A Opus Dei exibe também uma espécie de "espiritualidade" vaisha (burguesa)
para uma classe média cada vez mais materialista. Josémaria Escrivá, seu
fundador, chegou a propugnar uma espécie de "materialismo cristão",
rejeitando a "espiritualização" da religião (Conversações, 115). Sua
concepção é cheia de otimismo e confiança: devemos "amar apaixonadamente o
mundo". Jesus, contudo, ensinou que quem ama o mundo esquece da "única
coisa necessária".

Outro apaixonado pelo "mundo", o finado pontífice João Paulo II, fez da
Opus Dei sua prelazia pessoal e decidiu canonizar Josémaria Escrivá. Foi um
dos processos mais rápidos e controvertidos da história. As autoridades da
"nova igreja" que surgiu do Concílio Vaticano 2º (1962-65) geralmente
favorecem a Obra, vendo nela uma precursora do "moderno espírito"
conciliar.

Mas a organização também têm seus críticos, sendo os primeiros vindos do
interior da Igreja. O padre Ledochowski, superior geral dos jesuítas nos
anos 1940, considerava-a "perigosa", uma "maçonaria cristã". "Santa máfia".

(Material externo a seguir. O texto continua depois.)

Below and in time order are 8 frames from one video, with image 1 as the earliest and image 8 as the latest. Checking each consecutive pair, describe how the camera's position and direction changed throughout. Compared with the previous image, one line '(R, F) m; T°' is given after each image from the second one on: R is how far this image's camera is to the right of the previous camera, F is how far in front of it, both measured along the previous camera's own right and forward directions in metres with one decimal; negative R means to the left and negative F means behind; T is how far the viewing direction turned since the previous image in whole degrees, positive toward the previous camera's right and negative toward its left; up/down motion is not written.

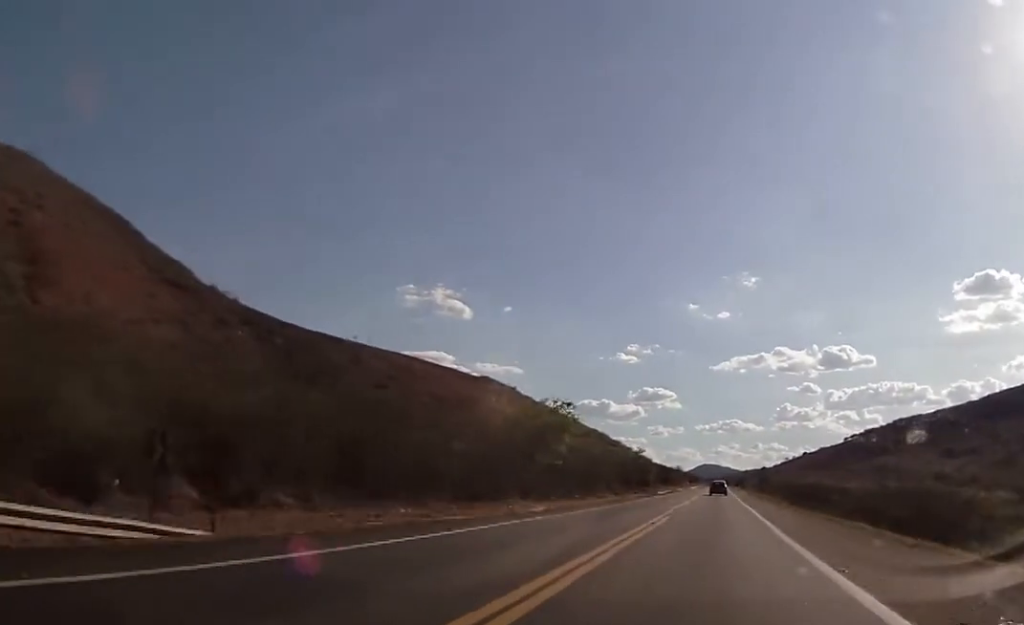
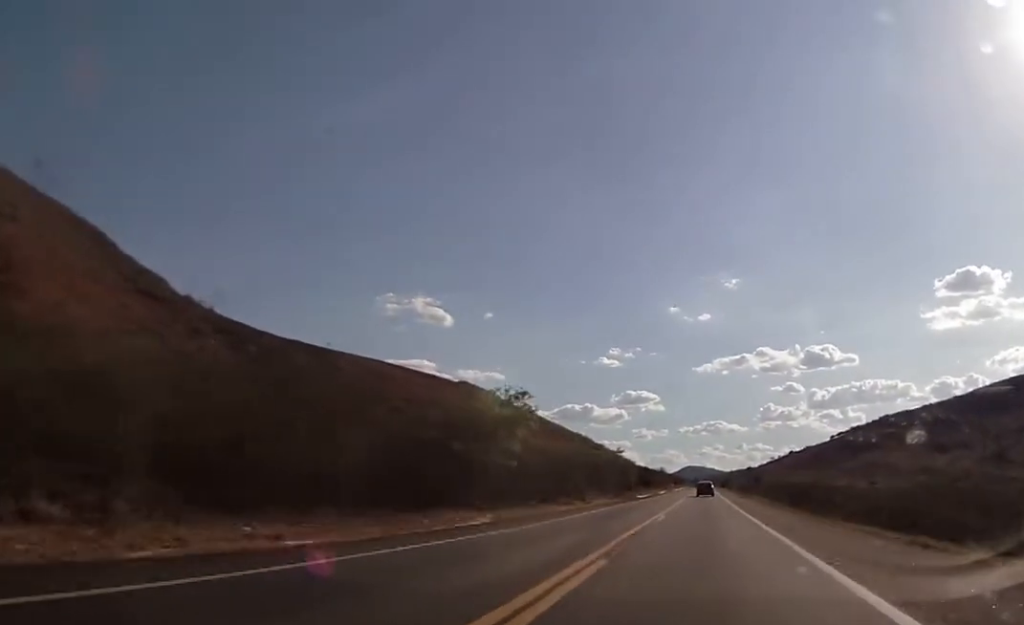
(+0.4, +13.1) m; +2°
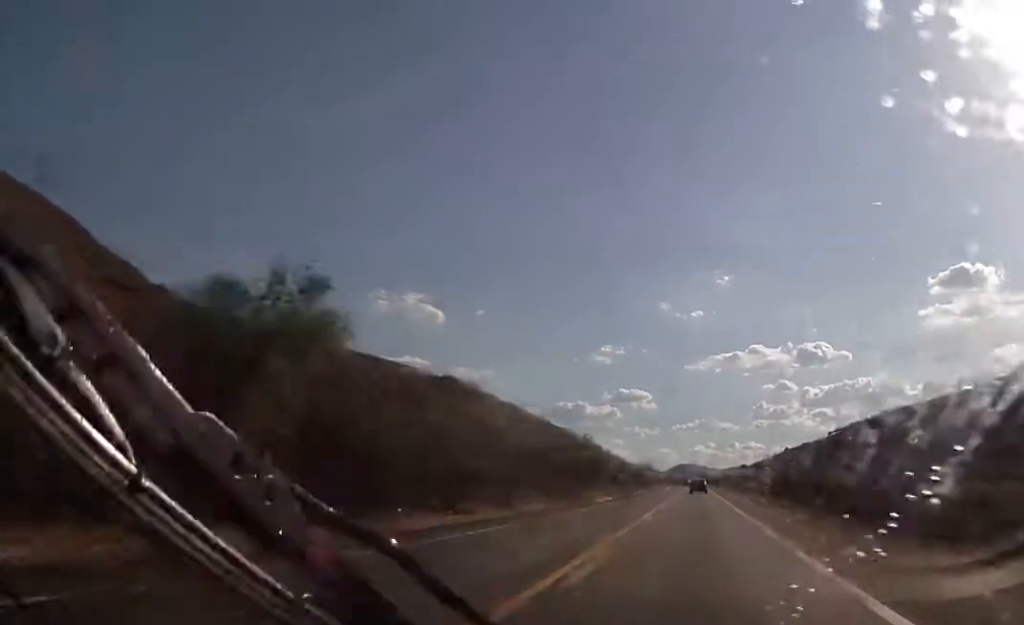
(+0.9, +35.6) m; +2°
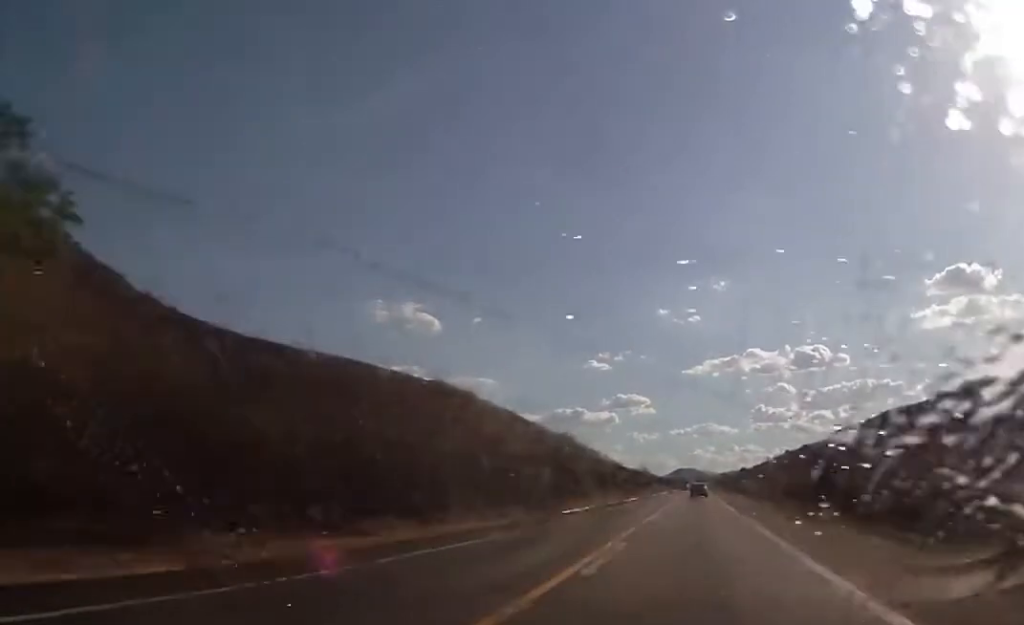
(0.0, +16.9) m; 0°
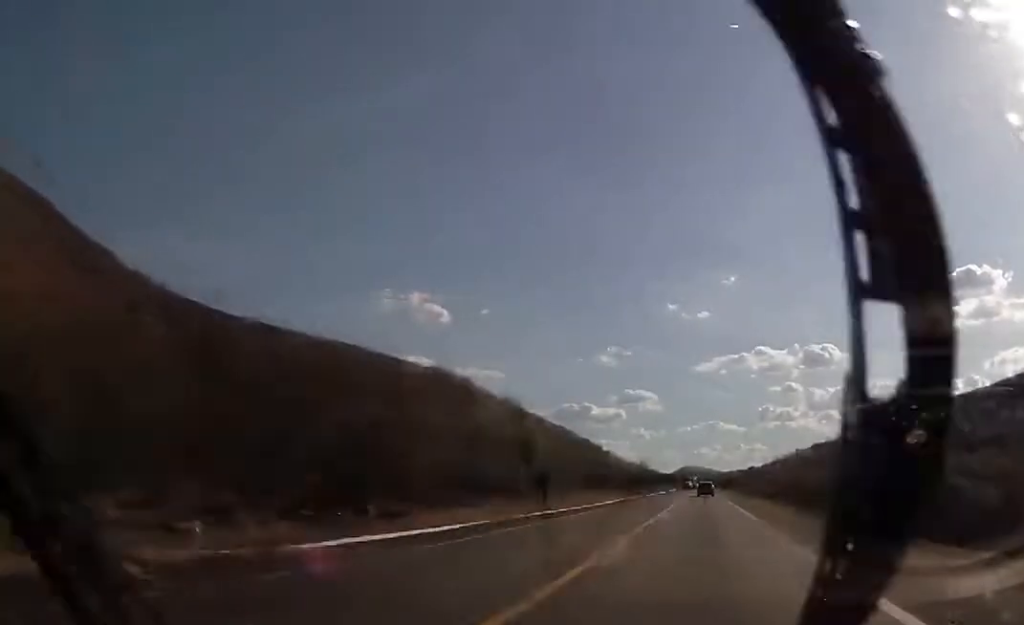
(0.0, +34.0) m; -1°
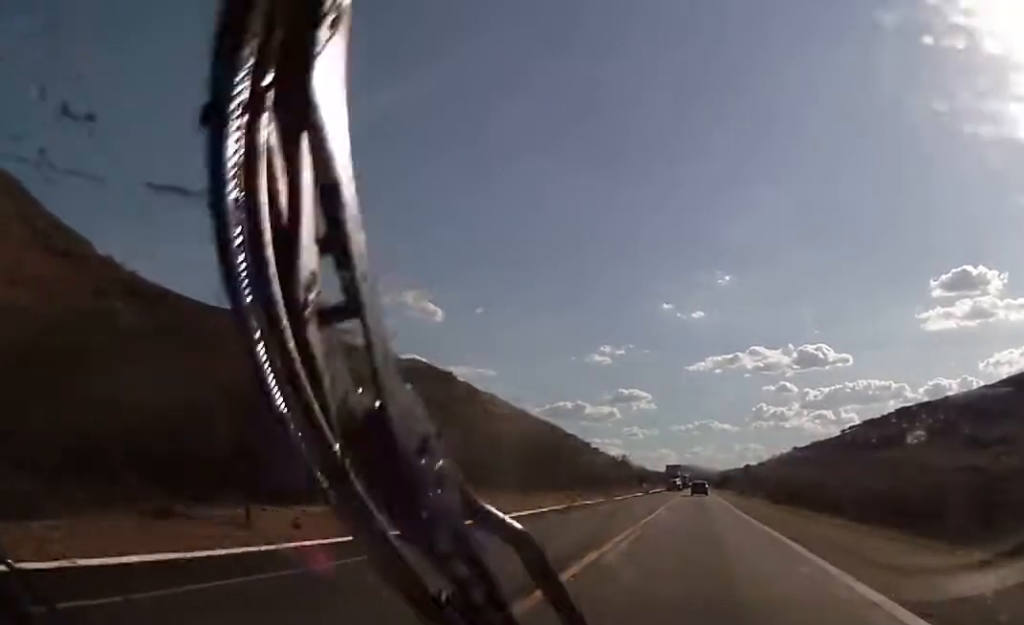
(-0.4, +33.2) m; 0°
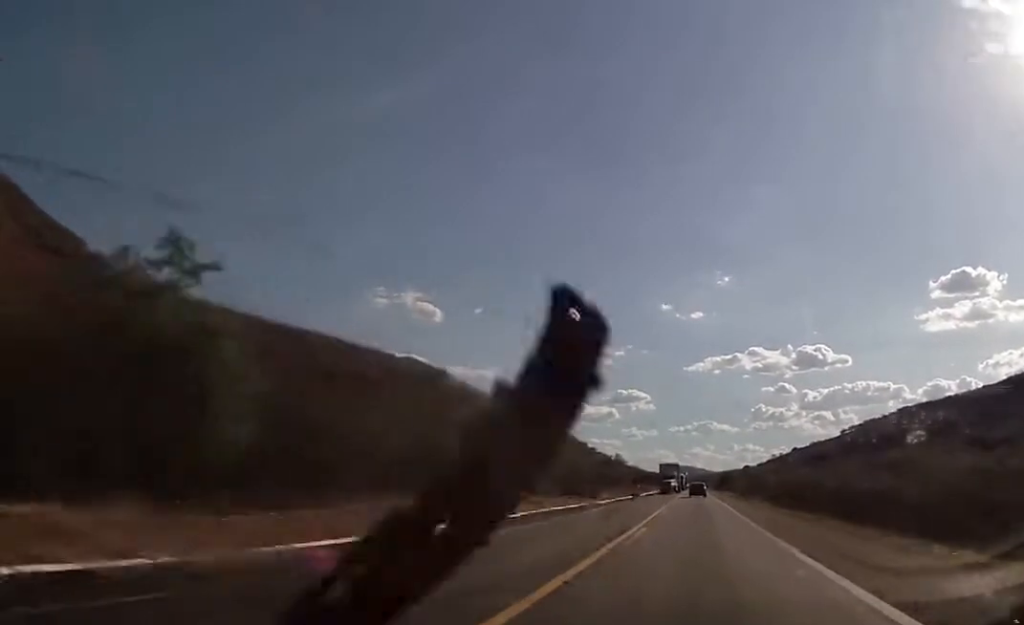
(+0.1, +11.4) m; +1°
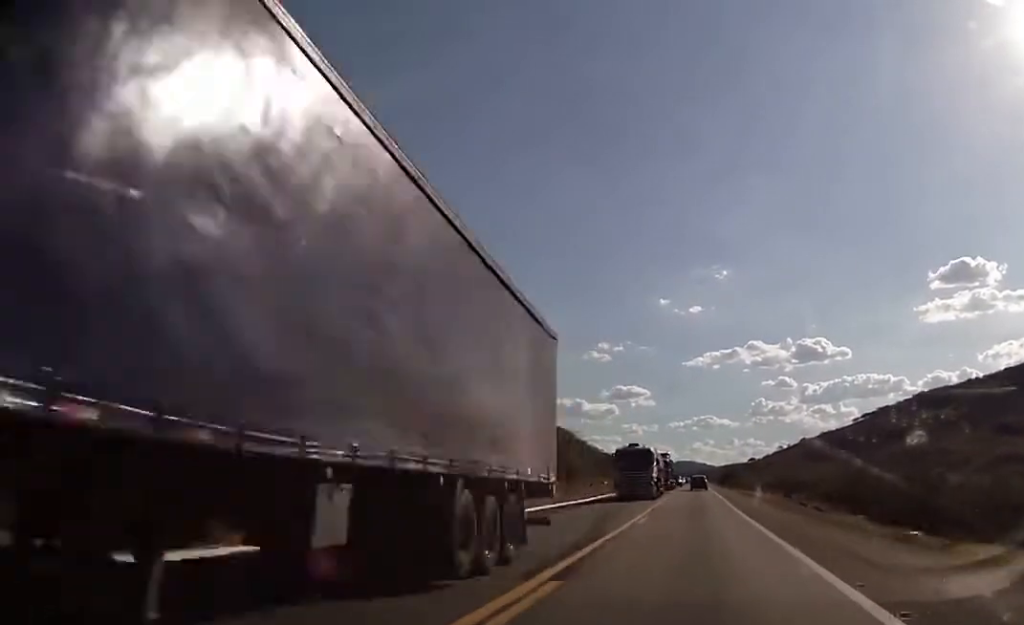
(+1.0, +63.5) m; 0°

"Nova heresia". Mescla de (muita) ambição e (pouca) religião. Sobram
acusações de secretismo, sectarismo, ambição de poder, uso de métodos
coercitivos, proselitismo agressivo e pressão psicológica.

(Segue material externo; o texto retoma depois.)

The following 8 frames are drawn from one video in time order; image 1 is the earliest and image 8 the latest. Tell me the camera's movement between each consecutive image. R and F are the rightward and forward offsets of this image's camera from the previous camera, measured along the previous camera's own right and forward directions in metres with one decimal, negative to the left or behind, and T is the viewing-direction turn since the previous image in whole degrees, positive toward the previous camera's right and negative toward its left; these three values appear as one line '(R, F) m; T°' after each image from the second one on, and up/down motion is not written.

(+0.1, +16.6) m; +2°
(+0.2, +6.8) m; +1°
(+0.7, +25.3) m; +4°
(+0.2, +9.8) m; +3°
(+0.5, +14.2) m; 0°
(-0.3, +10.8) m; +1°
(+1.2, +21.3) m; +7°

Segundo o psiquiatra Victor Frankl, Escrivá foi uma "bomba atômica
espiritual", que almejava fazer de simples fiéis, santos. Para o jornalista
John Allen, queria ser uma fábrica de santos, mas se contenta com
"profissionais bem-sucedidos". Muito pouco para os sonhos de Escrivá. Trata-
se, de fato, de um "sinal de contradição", como avaliam teólogos e
estudiosos. A Obra é um arremedo de espiritualidade que não oferece remédio
significativo para os grandes males e desafios de nosso tempo.